Varabyou Ales, Erdogdu Beril, Salzberg Steven L, Pertea Mihaela
Center for Computational Biology, Johns Hopkins University, Baltimore, MD 21211, USA.
Department of Computer Science, Johns Hopkins University, Baltimore, MD 21211, USA.
bioRxiv. 2023 Mar 25:2023.03.23.533704. doi: 10.1101/2023.03.23.533704.

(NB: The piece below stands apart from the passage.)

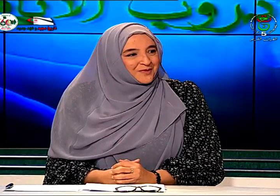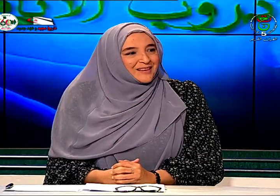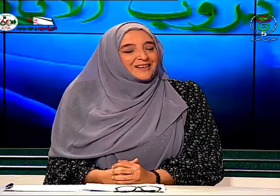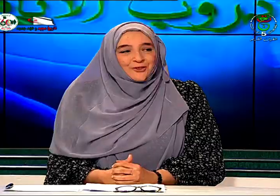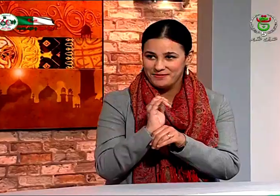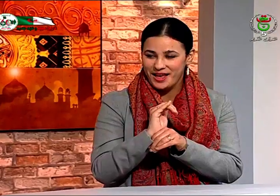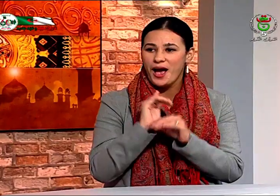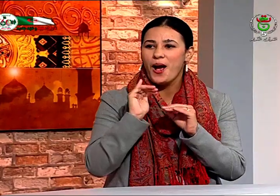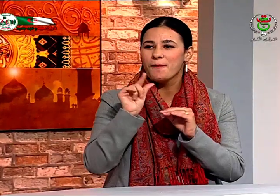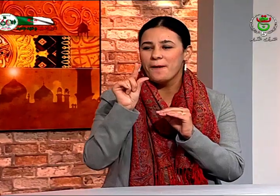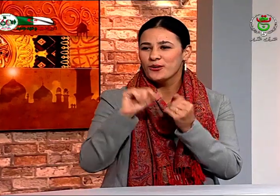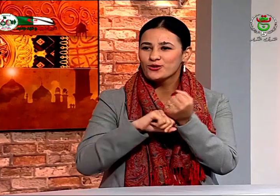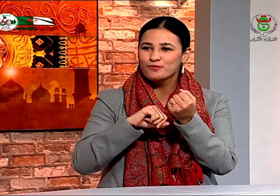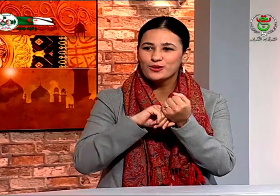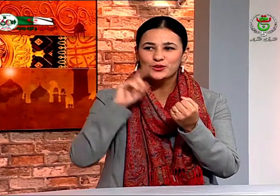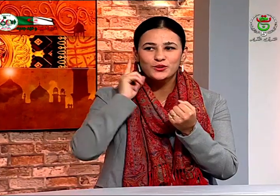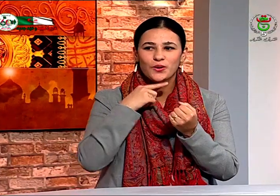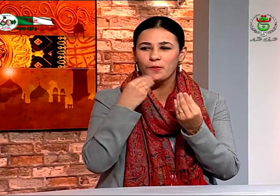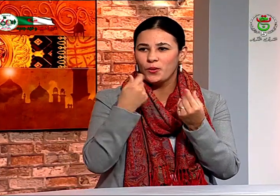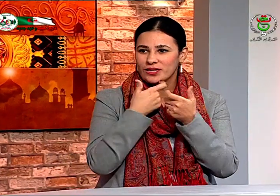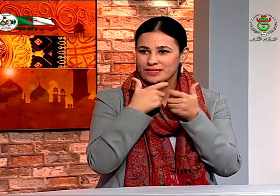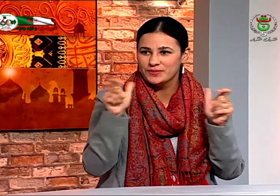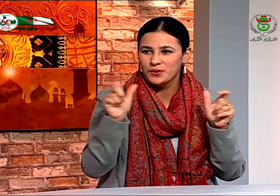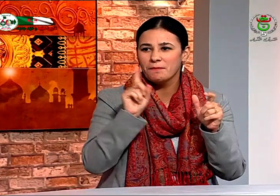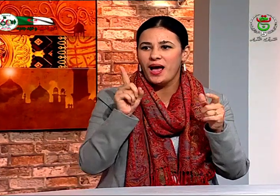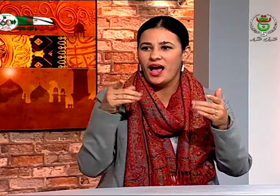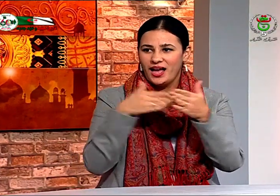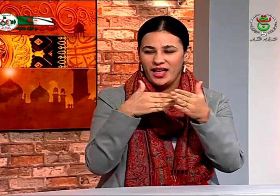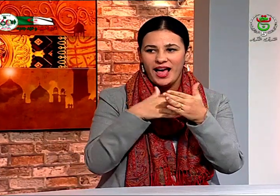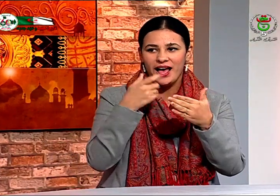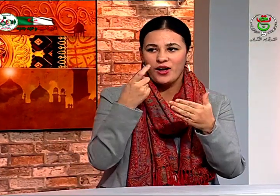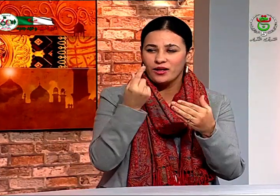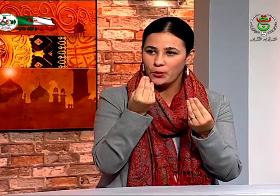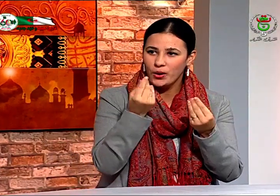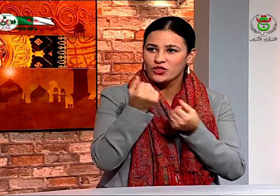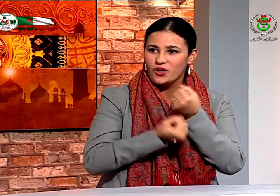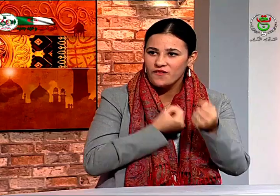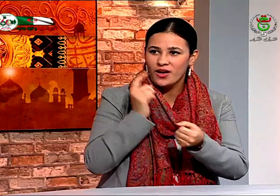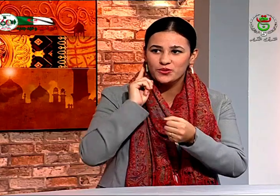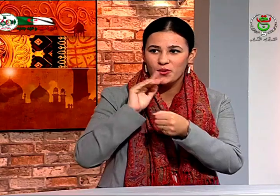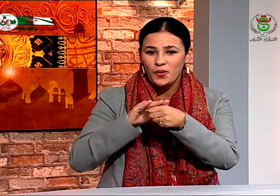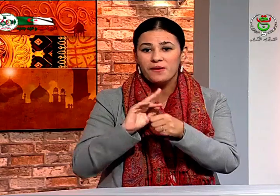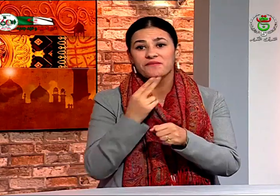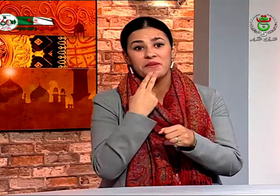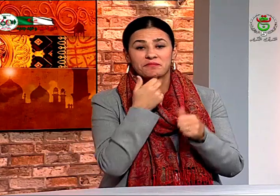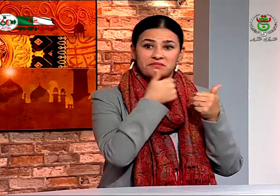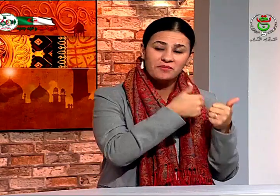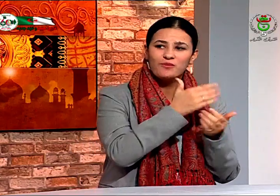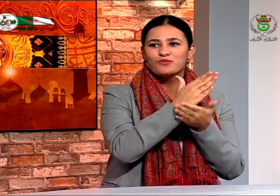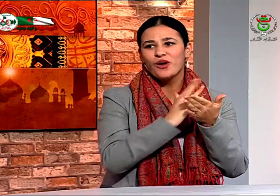شكرا على الاستضافة هذه الحصة تساعد الصم وما كان حاجز كما

ORFanage is a system designed to assign open reading frames (ORFs) to both known and novel gene transcripts while maximizing similarity to annotated proteins. The primary intended use of ORFanage is the identification of ORFs in the assembled results of RNA sequencing (RNA-seq) experiments, a capability that most transcriptome assembly methods do not have. Our experiments demonstrate how ORFanage can be used to find novel protein variants in RNA-seq datasets, and to improve the annotations of ORFs in tens of thousands of transcript models in the RefSeq and GENCODE human annotation databases. Through its implementation of a highly accurate and efficient pseudo-alignment algorithm, ORFanage is substantially faster than other ORF annotation methods, enabling its application to very large datasets. When used to analyze transcriptome assemblies, ORFanage can aid in the separation of signal from transcriptional noise and the identification of likely functional transcript variants, ultimately advancing our understanding of biology and medicine.
孤儿基因预测系统(ORFanage)是一个旨在将开放阅读框(ORF)分配给已知和新的基因转录本,同时最大化与注释蛋白质相似性的系统。ORFanage的主要预期用途是在RNA测序(RNA-seq)实验的组装结果中识别ORF,这是大多数转录组组装方法所不具备的能力。我们的实验展示了如何使用ORFanage在RNA-seq数据集中找到新的蛋白质变体,并改进RefSeq和GENCODE人类注释数据库中数以万计转录本模型的ORF注释。通过实施高度准确和高效的伪比对算法,ORFanage比其他ORF注释方法快得多,使其能够应用于非常大的数据集。当用于分析转录组组装时,ORFanage有助于从转录噪声中分离信号,并识别可能具有功能的转录本变体,最终推动我们对生物学和医学的理解。